Compassion Fatigue

Call it ‘burn out’, ‘unintentional end point’ or ‘the cost of caring’— the condition of hopelessness or alienation is compassion fatigue where individuals develop a cynical attitude towards everything. Especially towards those who have suffered in one or the other way. In compassion fatigue, our response and behavior changes while dealing with those who have faced stress or trauma. We become indifferent, apathetic. We lose our capacity to extend sympathy beyond a certain point. We stop giving care and compassion.

Mostly observed among practitioners who are exposed to stress-related situations, like health and social workers, compassion fatigue is a direct corollary of the extent of the time these people stay put with the situation. It has been seen as a ‘secondary trauma’ that occurs after experiencing the anguish of others over and over again. We get numb and hard in our responses. To the extent that the suffering of others doesn’t appear suffering anymore. It gets ‘normal’; banal and humdrum.  The conditioning steals compassion.

   

Besides, compassion fatigue is related to a kind of conflict that emerges when compassionate people witness an uncaring and unresponsive institutional mechanism restraining the very spirit of compassion. This institutional heartlessness through various norms, laws and actions bolsters the fatigue. The structural constraints daunt people to be compassionate.

Navigating the turns and twists of life, we all want the world to be kind to us. And then, the tragic and uncertain times we live in; the vengeance and violence we witness; we expect people to be more capable of showing understanding and compassion.

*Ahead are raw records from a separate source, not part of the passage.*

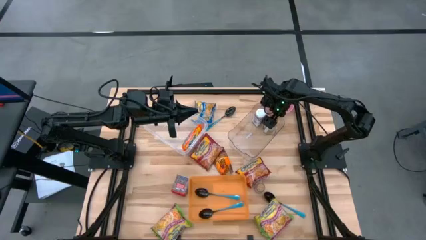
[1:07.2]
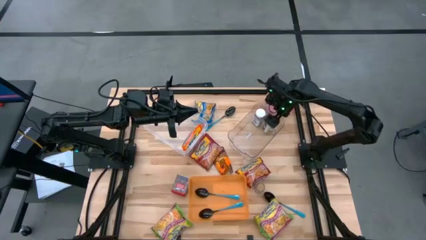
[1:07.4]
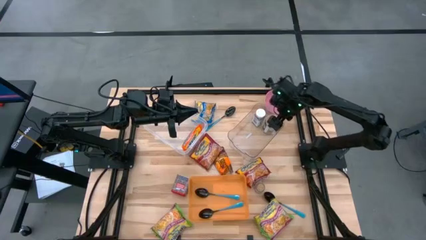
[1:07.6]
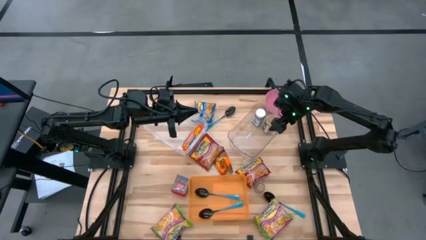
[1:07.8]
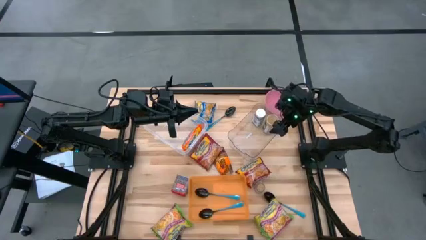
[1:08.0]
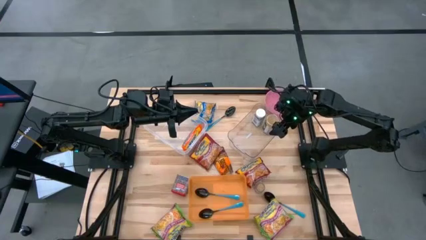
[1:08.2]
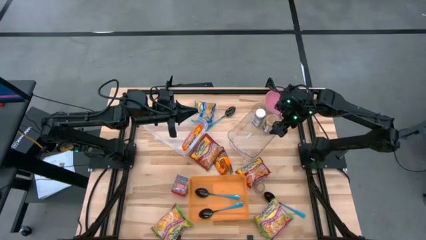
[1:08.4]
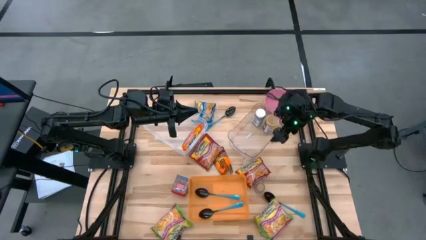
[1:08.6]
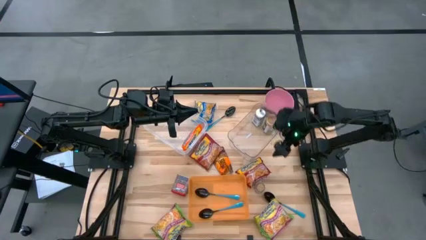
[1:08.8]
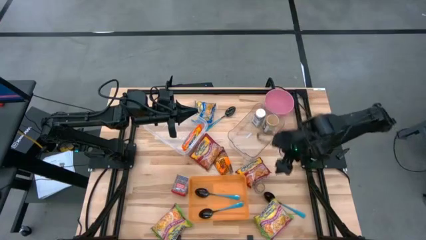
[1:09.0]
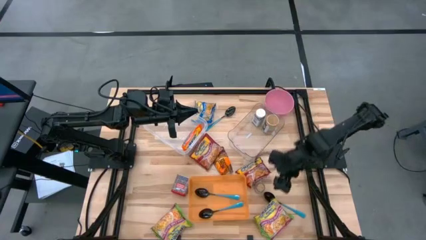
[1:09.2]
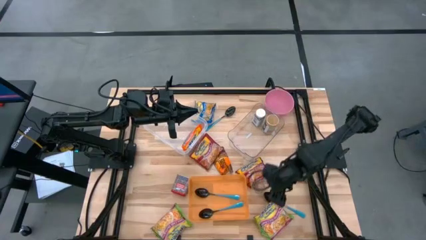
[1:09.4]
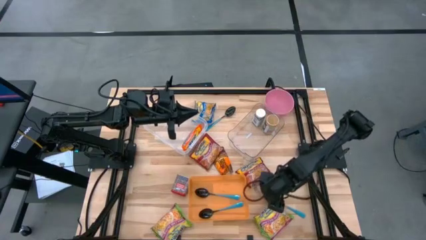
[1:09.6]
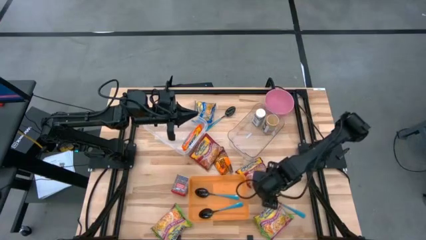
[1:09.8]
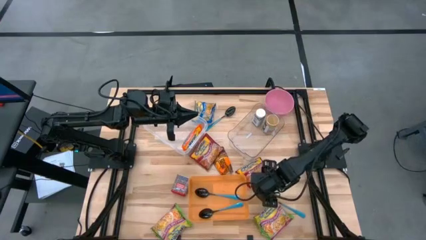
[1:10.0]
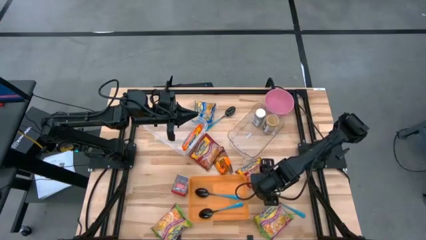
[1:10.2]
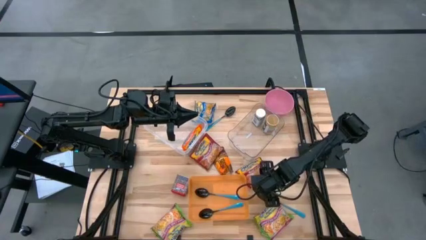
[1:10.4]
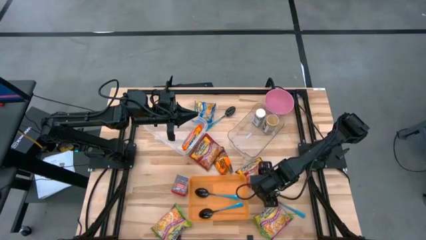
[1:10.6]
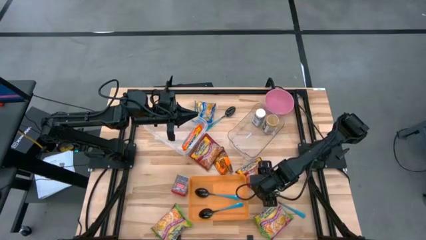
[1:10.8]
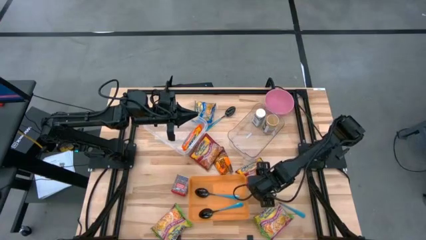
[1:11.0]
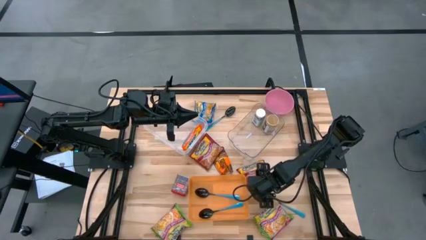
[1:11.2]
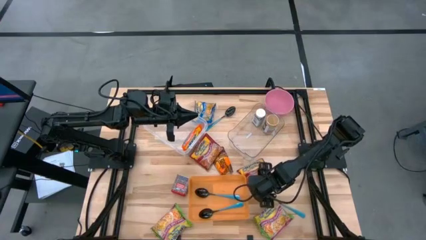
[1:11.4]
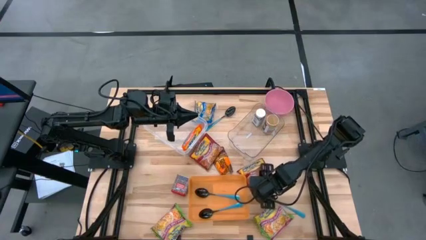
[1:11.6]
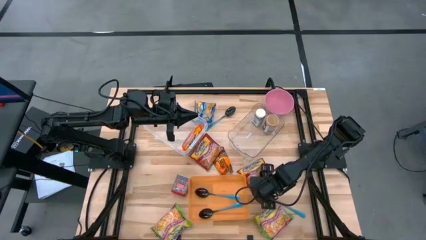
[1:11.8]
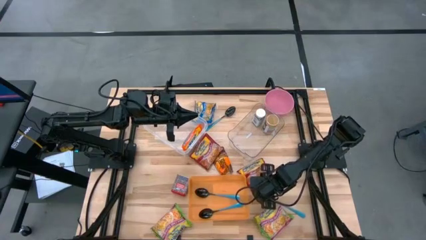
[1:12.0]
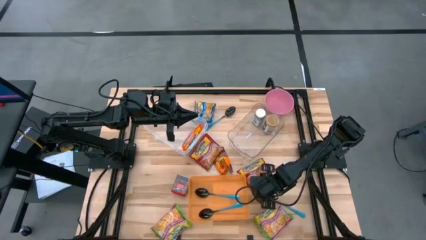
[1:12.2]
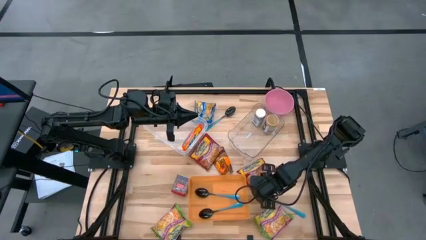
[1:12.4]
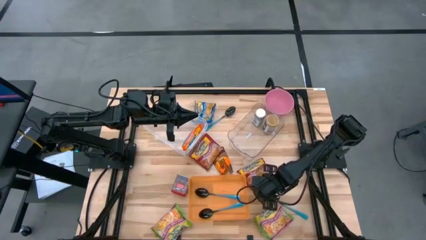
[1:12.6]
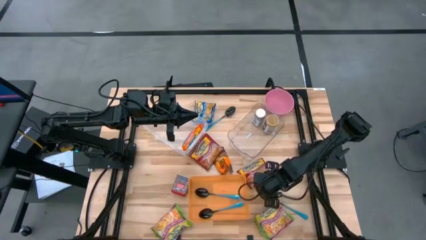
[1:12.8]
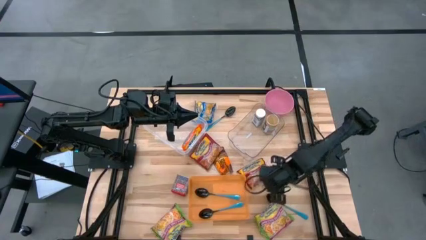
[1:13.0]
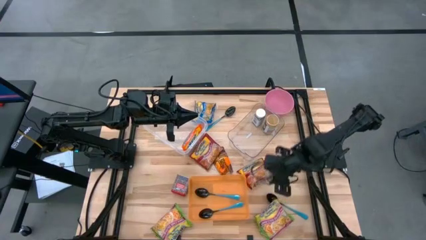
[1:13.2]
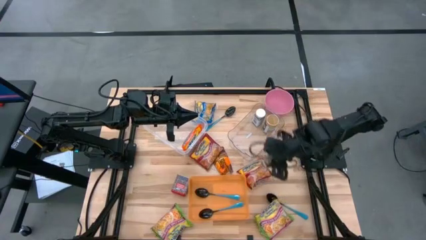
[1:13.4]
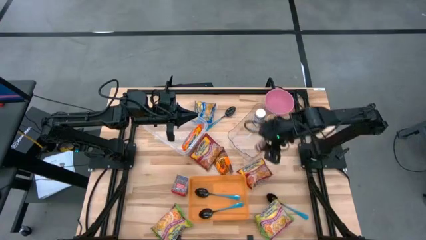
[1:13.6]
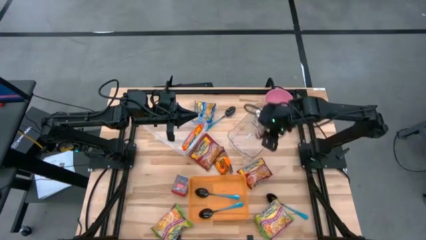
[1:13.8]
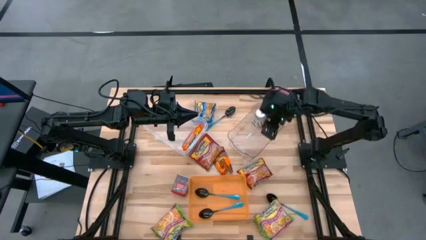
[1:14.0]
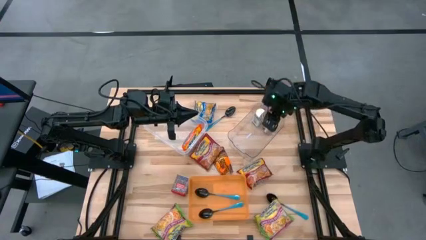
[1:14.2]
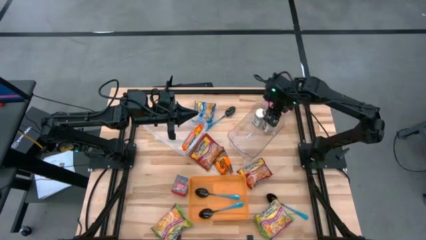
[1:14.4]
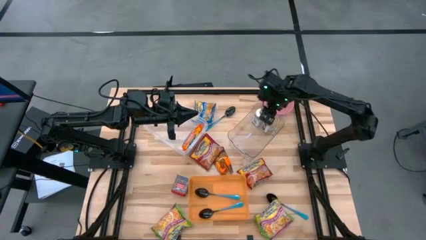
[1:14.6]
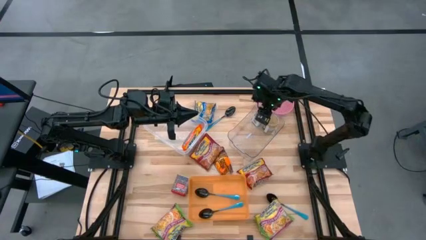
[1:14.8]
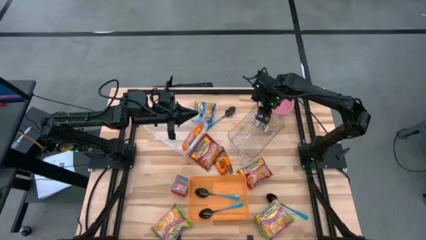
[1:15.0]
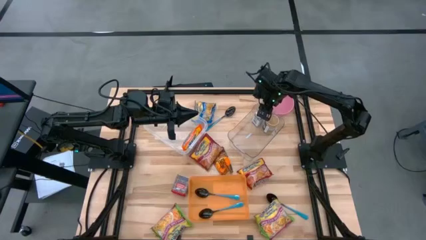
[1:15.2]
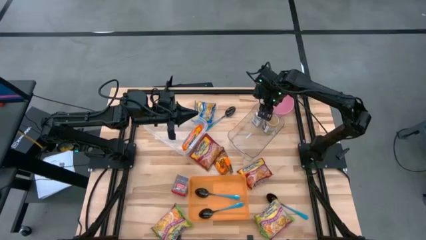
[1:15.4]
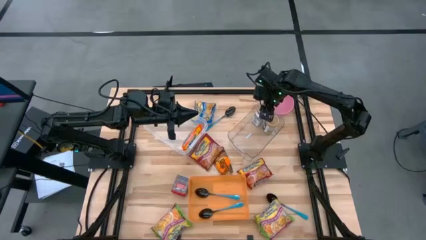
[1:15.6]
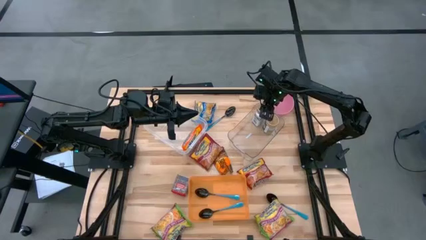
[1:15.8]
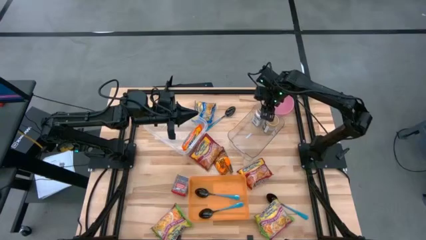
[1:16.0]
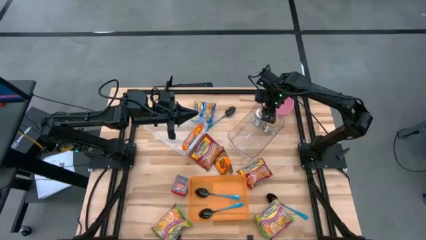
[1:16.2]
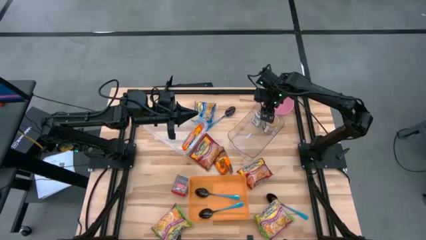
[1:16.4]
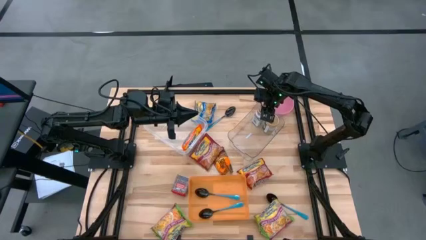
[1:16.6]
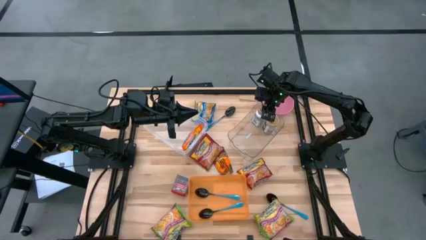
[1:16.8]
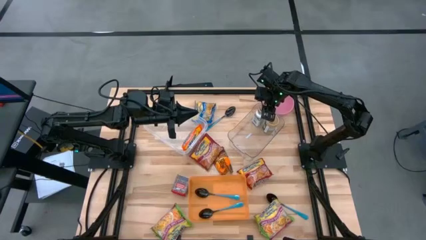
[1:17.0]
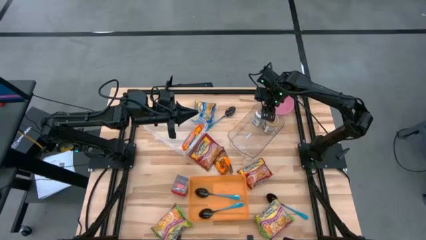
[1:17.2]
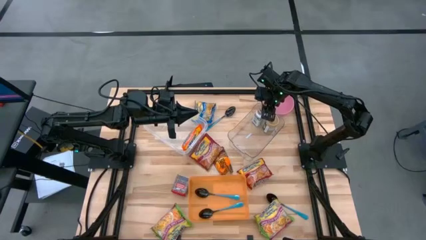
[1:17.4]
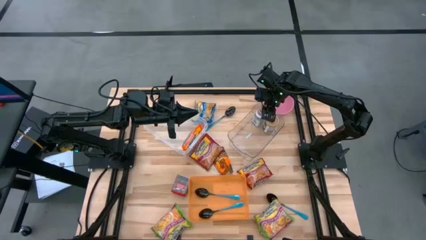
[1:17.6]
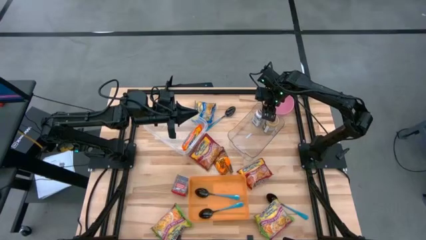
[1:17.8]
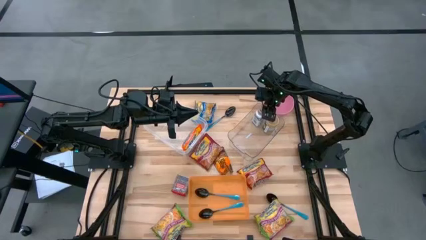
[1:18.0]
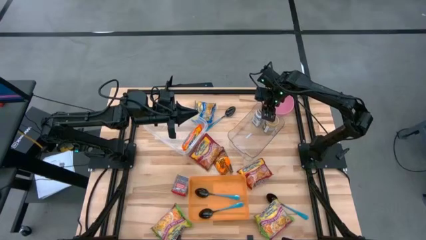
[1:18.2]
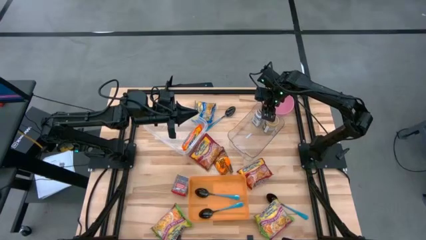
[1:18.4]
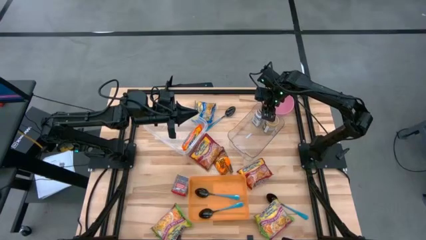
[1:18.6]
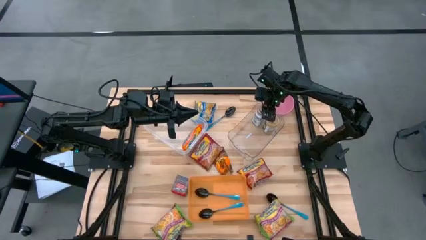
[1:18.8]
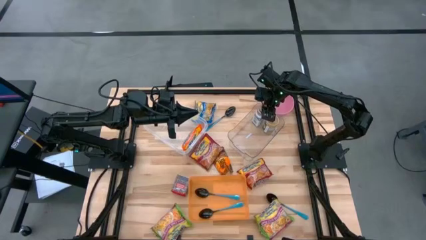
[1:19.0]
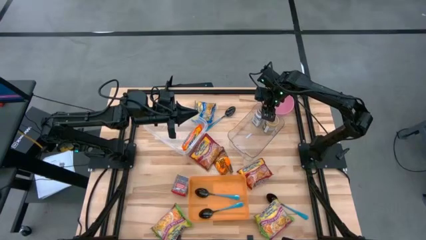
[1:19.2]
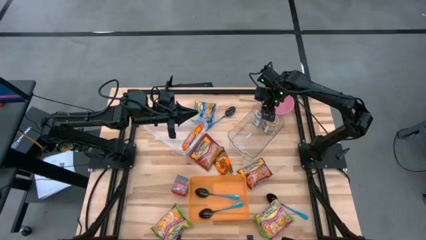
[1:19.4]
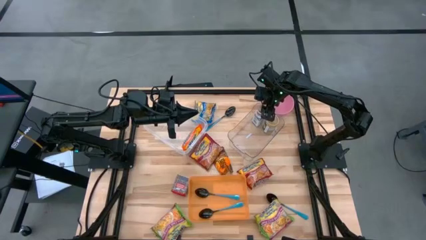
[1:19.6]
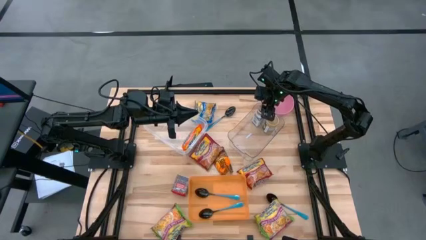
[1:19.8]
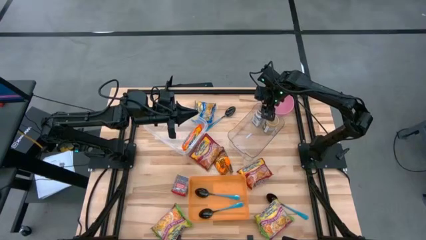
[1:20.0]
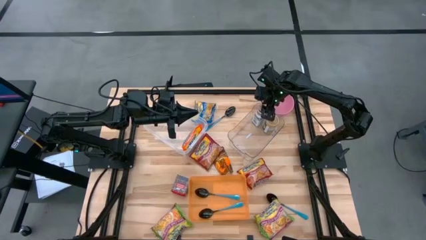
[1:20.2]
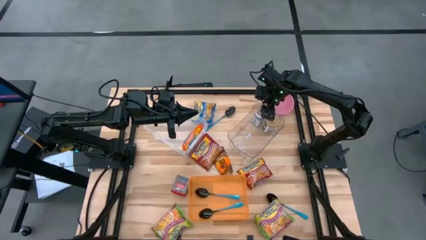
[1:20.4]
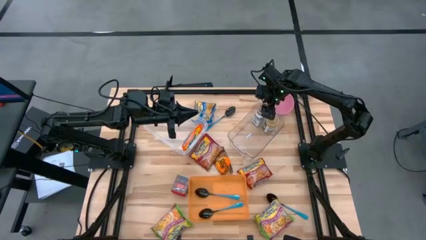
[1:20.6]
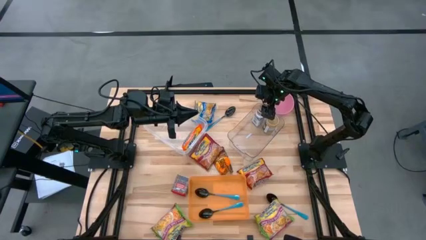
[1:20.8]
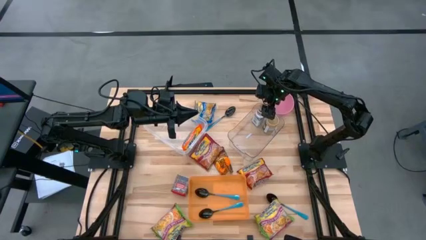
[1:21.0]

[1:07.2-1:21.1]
Task: Pick & Place Food Item
Put the brown seasoning bottle into the transparent bin

The world needs healing and it can be done through compassion. Lending compassion can lead to longer lives, healthier habits and lesser levels of distress, and a greater sense of meaning in our life. In a world that often extols staying unconcerned and self-contained, we wrongly brush off being ‘stoic’ as our strength. The message most of us internalize is that nonchalance serves because otherwise, people take our pliability as a failing. But the reality remains that compassion is not any feeble notion of timidity or an assemblage of empty rhetoric. It is the fundamental spirit of our faith that makes no distinction between the suffering of others and that of one’s self. And teaches us that Almighty is Compassionate and loves compassion. And the one who is not compassionate, Almighty will not be compassionate to him.

So, the phenomenon of ‘fatigue’ creeping in our capacity to be compassionate is unnatural and impractical. None of us can disclaim compassion and detach or insulate ourselves from the pain of others. We can’t be merciless or heartless. We are made to feel and broaden the humanity in us. Our faith supplies the spirit for it.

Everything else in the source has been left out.